Special tokens have been added in the vocabulary, make sure the associated word embeddings are fine-tuned or trained.


In [30]:
example = pd.DataFrame({'prompt': ['Three Rings for the Elven-kings under the sky,', "Harry Potter is Lord Voldemort's", "Severus Snape is Gilderoy Lockhart's"],
                       'continuation': ['seven for the Dwarf-lords in their halls of stone.', "enemy.", "friend"]})

for label, model in zip(['original model', 'dpo-trained model'], [original_model, dpo_model]):
    example[label] = example['prompt'].apply(lambda p: predict(model, tokenizer, p, True))

example

Unnamed: 0,prompt,continuation,original model,dpo-trained model
0,"Three Rings for the Elven-kings under the sky,",seven for the Dwarf-lords in their halls of st...,and the first of them is the one with the,and the other two in the forest.\n\n
1,Harry Potter is Lord Voldemort's,enemy.,"son.\n\n""I don't know what","apprentice, but he's not quite as good"
2,Severus Snape is Gilderoy Lockhart's,friend,"son.\n\n""I don't know what",personal character.\n\nThe character was intr...

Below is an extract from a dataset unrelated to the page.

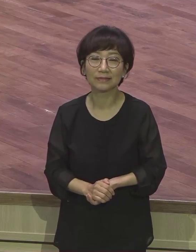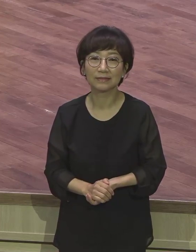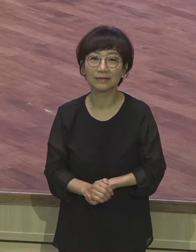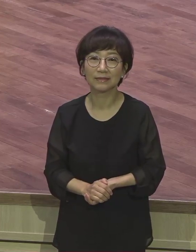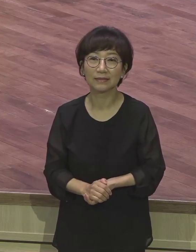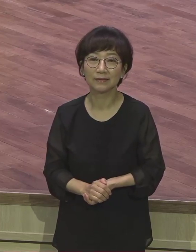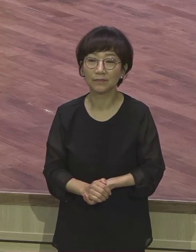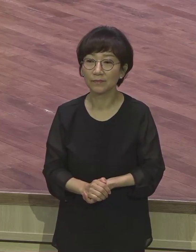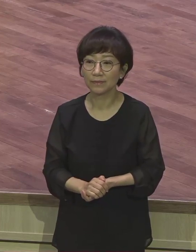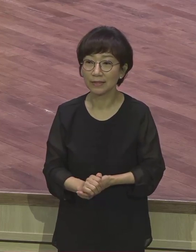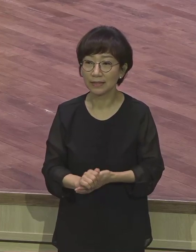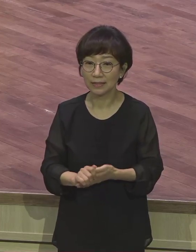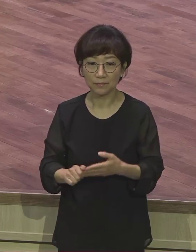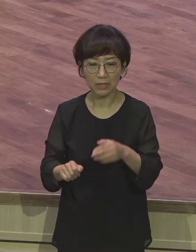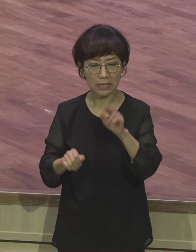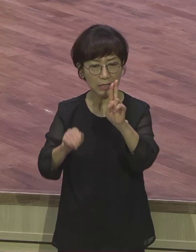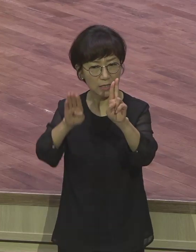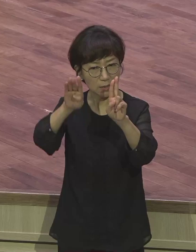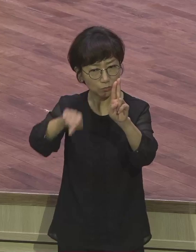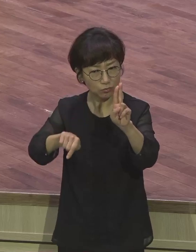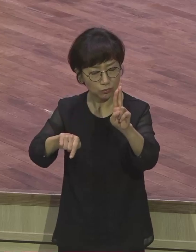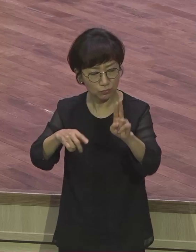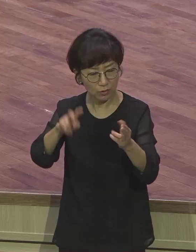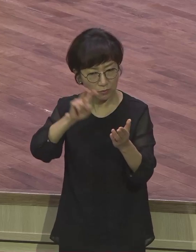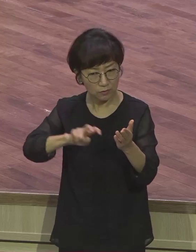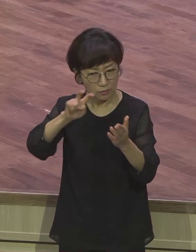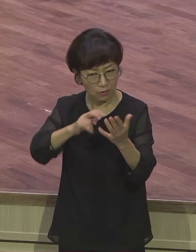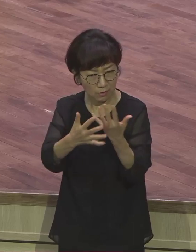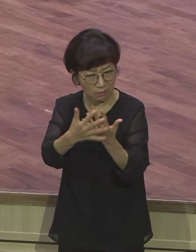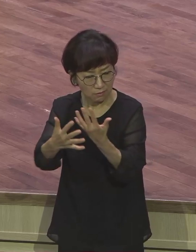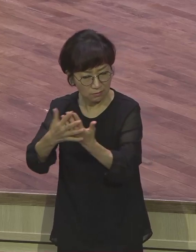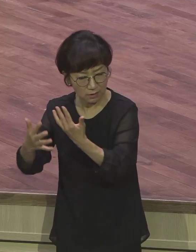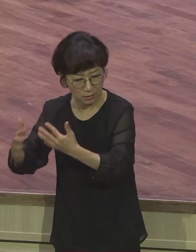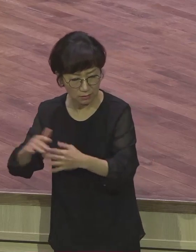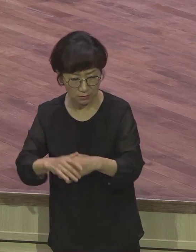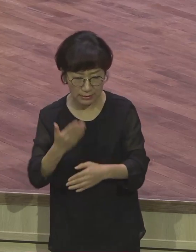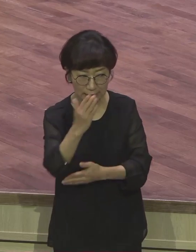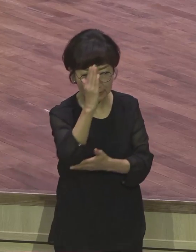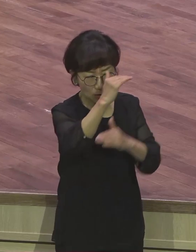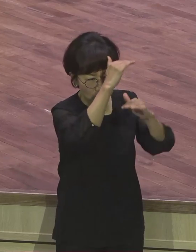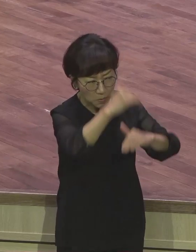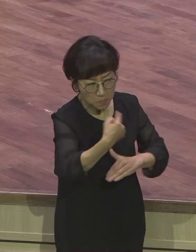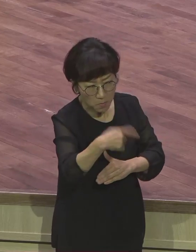이부 성가대는 본문을 다 미리 묵상해가지고 잔양을 선택하는 것 같아요.
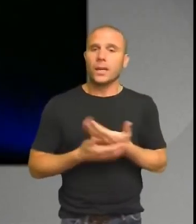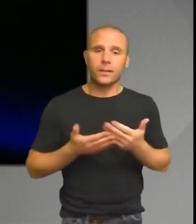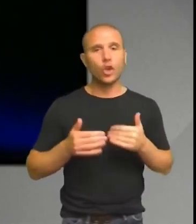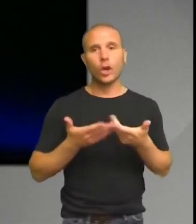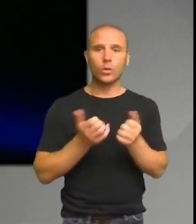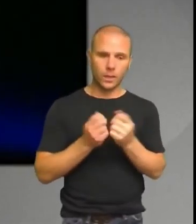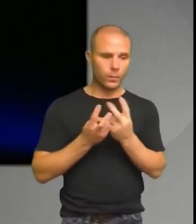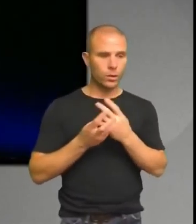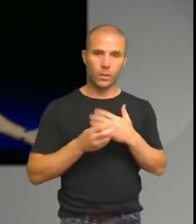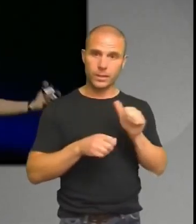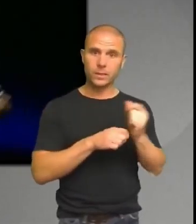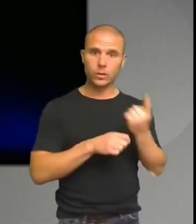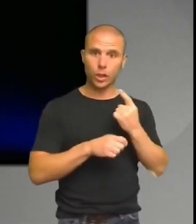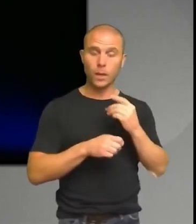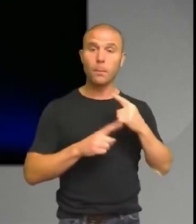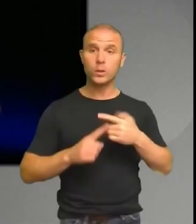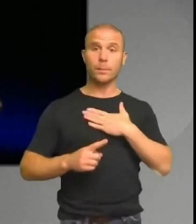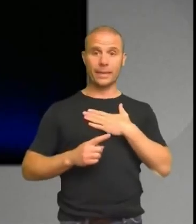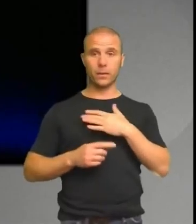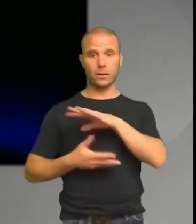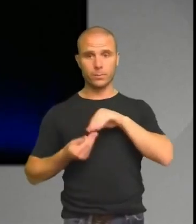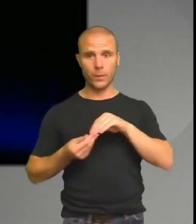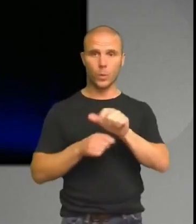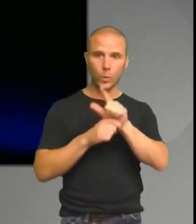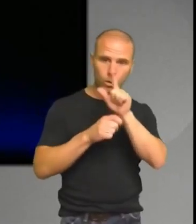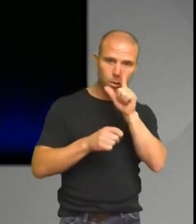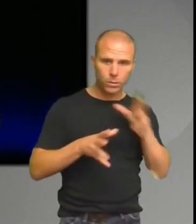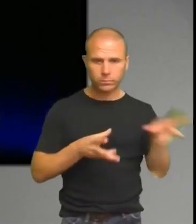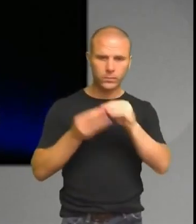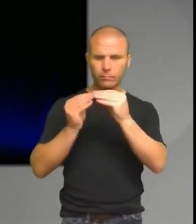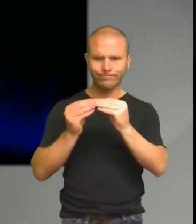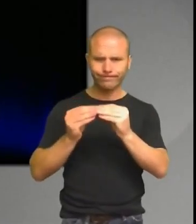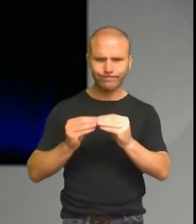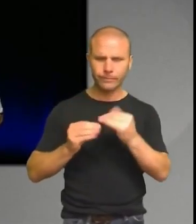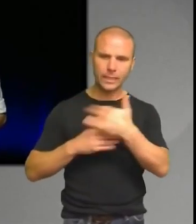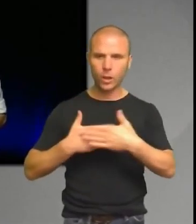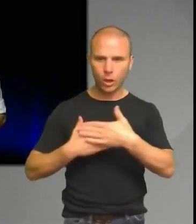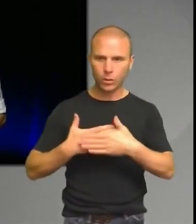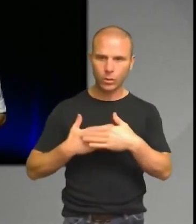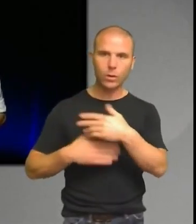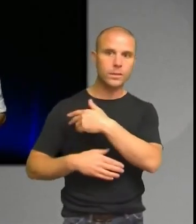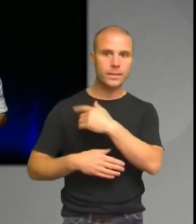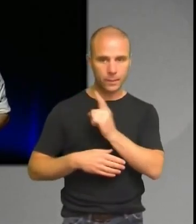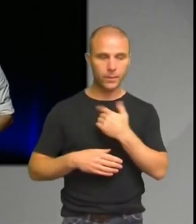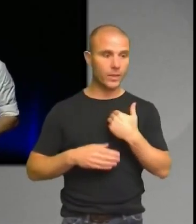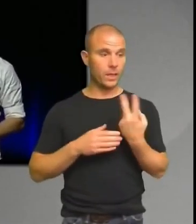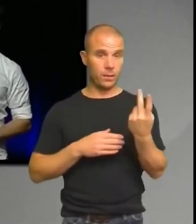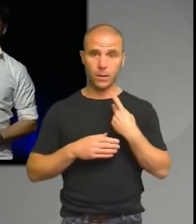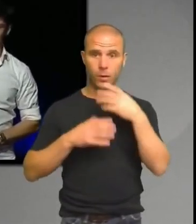ihop deras operationer med mina egna. Gjorde en ny analys. Och tillsammans skrev vi en artikel som i våras publicerades

### The model predictions are changed, only not as much as for the fine-tuning. But maybe the correct facts are still preferred when comparing directly to their opposite.

## Test the factuality of the model 

In [31]:
from utils import fact_score

In [82]:
splits = ['train', 'test', 'validation']
softmax = False
num_samples = 50

dfs = {}
for split in splits:
    split_df = df[df['split']==split]#.sample(num_samples, random_state=0)
    for label, model in zip(['original', 'dpo-trained'], [original_model, dpo_model]):
        split_df[f'fact_score_{label}'] = split_df['fact'].apply(lambda f: fact_score(f, model, tokenizer, softmax=softmax))
        split_df[f'fiction_score_{label}'] = split_df['fiction'].apply(lambda f: fact_score(f, model, tokenizer, softmax=softmax))
        split_df[f'correct_{label}'] = split_df[f'fact_score_{label}'] > split_df[f'fiction_score_{label}']
        split_df[f'chosen_{label}'] = split_df.apply(lambda row: row['chosen'] if row[f'correct_{label}'] else row['rejected'], axis=1)
    dfs[split] = split_df


In [83]:
# collect results
results = []
for label in ['original', 'dpo-trained']:
    r = {'model': label}
    for split, sdf in dfs.items():
        r[f'{split}_accuracy'] = sdf[f'correct_{label}'].mean()
    results.append(r)

pd.DataFrame(results)

Unnamed: 0,model,train_accuracy,test_accuracy,validation_accuracy
0,original,0.44,0.44,0.493333
1,dpo-trained,0.706667,0.54,0.36


## Visualization of inferred relationship graphs

In [134]:
# the true graph of all given relations

from utils import plot_graph, graph_positions

positions = graph_positions(relations)

plot_graph(positions, relations, column='chosen')

In [136]:
# The model still mostly sees too many friendly relationships.
# The errors are almost all erroneous friendships between enemy lines
# Only in the validation set a few enemy relations within the evil camp are found.

for split in splits:
    plot_graph(positions, dfs[split], column='chosen_dpo-trained', title=f'{split} data, dpo-trained model')

# Conclusion

- DPO does improve facts on the trainingdata, but maybe there is still something going wrong? Judging by the low loss after training one would expect almost all examples to be correct.
- On the validation set, which are just the same facts in reverse, there is no improvement - DPO did not teach the model to reason in the reverse direction.
- The testset of held-out data is only a little better than random.
- These results are similar to those of the finetuning approach without PEFT.